Esta lista não é mero entretenimento estatístico; é um espelho cruel que reflecte as fracturas sociais, culturais e económicas que ainda assolam nações inteiras, especialmente em África, onde o continente surge como protagonista indesejado. Em Moçambique, onde as tradições se entrelaçam com a modernidade, esta realidade obriga-nos a uma reflexão profunda: será a crença na feitiçaria um refúgio cultural ou uma algema que impede o progresso?
A Tunísia lidera com 90%, seguida pela Tanzânia (83-92%), Marrocos (80%) e Senegal (75%). África domina os primeiros lugares, com países como Camarões, Mali, Gana e Etiópia a exibirem taxas acima dos 70%. Não é coincidência: em contextos de pobreza extrema, instabilidade política e acesso limitado à educação, as explicações sobrenaturais preenchem os vazios deixados pela ciência. Em Moçambique, embora não figure directamente na lista, sabemos que crenças semelhantes permeiam o quotidiano – do curandeiro nas zonas rurais ao medo do "mau-olhado" nas cidades.
Quantas vidas são destruídas por acusações de feitiçaria? Mulheres idosas, crianças albinas ou rivais económicos tornam-se vítimas de linchamentos ou exclusão social, alimentados por superstições que se disfarçam de tradição. É incisivo afirmar: esta crença não é inofensiva; é uma arma que perpetua a violência e o subdesenvolvimento.
O colonialismo deixou legados de desigualdade, onde missionários impuseram religiões ocidentais sobre práticas indígenas, criando um hibridismo confuso. Hoje, com a globalização, filmes de Nollywood nigerianos ou rituais vodu haitianos (ausentes da lista, mas notórios) amplificam estes mitos via redes sociais. No entanto, países desenvolvidos como a Grécia (66%), Letónia (66%) ou República Checa (45%) também surgem, provando que a feitiçaria não é exclusividade do "Terceiro Mundo".
Na Rússia (59%) ou Ucrânia (60%), o folclore eslavo resiste à secularização. Mas em África, o impacto é devastador: recursos desperdiçados em amuletos em vez de educação; saúde pública minada por curas mágicas que ignoram vacinas; e economias paralisadas pelo medo de invejas sobrenaturais. Em Moçambique, onde a economia depende da agricultura e do turismo, imagine o potencial perdido quando comunidades atribuem secas ou falhas a bruxas, em vez de investir em irrigação ou inovação.

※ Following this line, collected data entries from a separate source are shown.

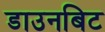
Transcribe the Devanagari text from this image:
डाउनबिट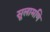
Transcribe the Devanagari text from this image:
सूलामणि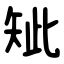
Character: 䂑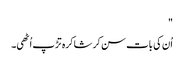
"
اُن کی بات سن کر شاکرہ تڑپ اُٹھی۔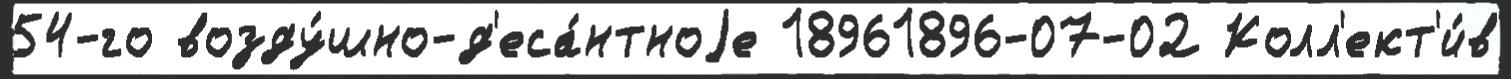
54-го возду́шно-д'еса́нтноjе 18961896-07-02 Колл'ект'и́в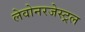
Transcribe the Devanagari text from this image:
लेवोनरजेस्ट्रल

Esta crença, representada na imagem partilhada – um altar sombrio com caveiras, velas e pentagramas, evocando rituais ancestrais – simboliza o fascínio pelo oculto. É belo na sua mística, mas perigoso na sua ilusão. Num país como o nosso, com uma rica herança cultural dos povos bantu e influências islâmicas, devemos preservar o folclore sem o deixar tornar-se prisão.
Educação inclusiva que respeite as tradições mas promova o cepticismo racional. Governos africanos, incluindo o moçambicano, devem investir em campanhas contra a violência ligada à feitiçaria, como as que protegem albinos na Tanzânia. Organizações internacionais, como a ONU, alertam para isso há anos: a crença no sobrenatural agrava desigualdades de género e etárias.

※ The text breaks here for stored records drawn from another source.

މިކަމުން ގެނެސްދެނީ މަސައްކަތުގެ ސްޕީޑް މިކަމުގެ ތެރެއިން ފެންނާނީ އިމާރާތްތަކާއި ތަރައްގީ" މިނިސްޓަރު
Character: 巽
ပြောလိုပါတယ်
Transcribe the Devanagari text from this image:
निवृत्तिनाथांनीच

Em conclusão, esta lista não é para rir ou ignorar; é um chamamento à acção. Moçambique, e África no geral, pode transformar estas sombras em luz. Ao questionarmos as nossas crenças, abrimos portas ao progresso. Senão, continuaremos presos num ciclo de medo, onde o verdadeiro "mau-olhado" é a ignorância que nos cega. Que esta reflexão incite mudança – pois só assim, nas chamas das velas ancestrais, encontraremos o fogo da razão.
Pessoas não estao a dormir,pois,querem enriquecimento sem trabalharem,entretanto 'nada vem do nada' vamos trabalhar e abandonar essas práticas,que só destrói o tecido social e acima de tudo trás descriminacao. Que 2026 seja diferente.
ResponderEliminarVendem o slogan de que somos africanos, como impulso para realização destas práticas.
ResponderEliminarUns estão á inventar drones , aranhaceus e nos andando com paninhos no bolso, banhos temperados por raízes em nome do desenvolvimento .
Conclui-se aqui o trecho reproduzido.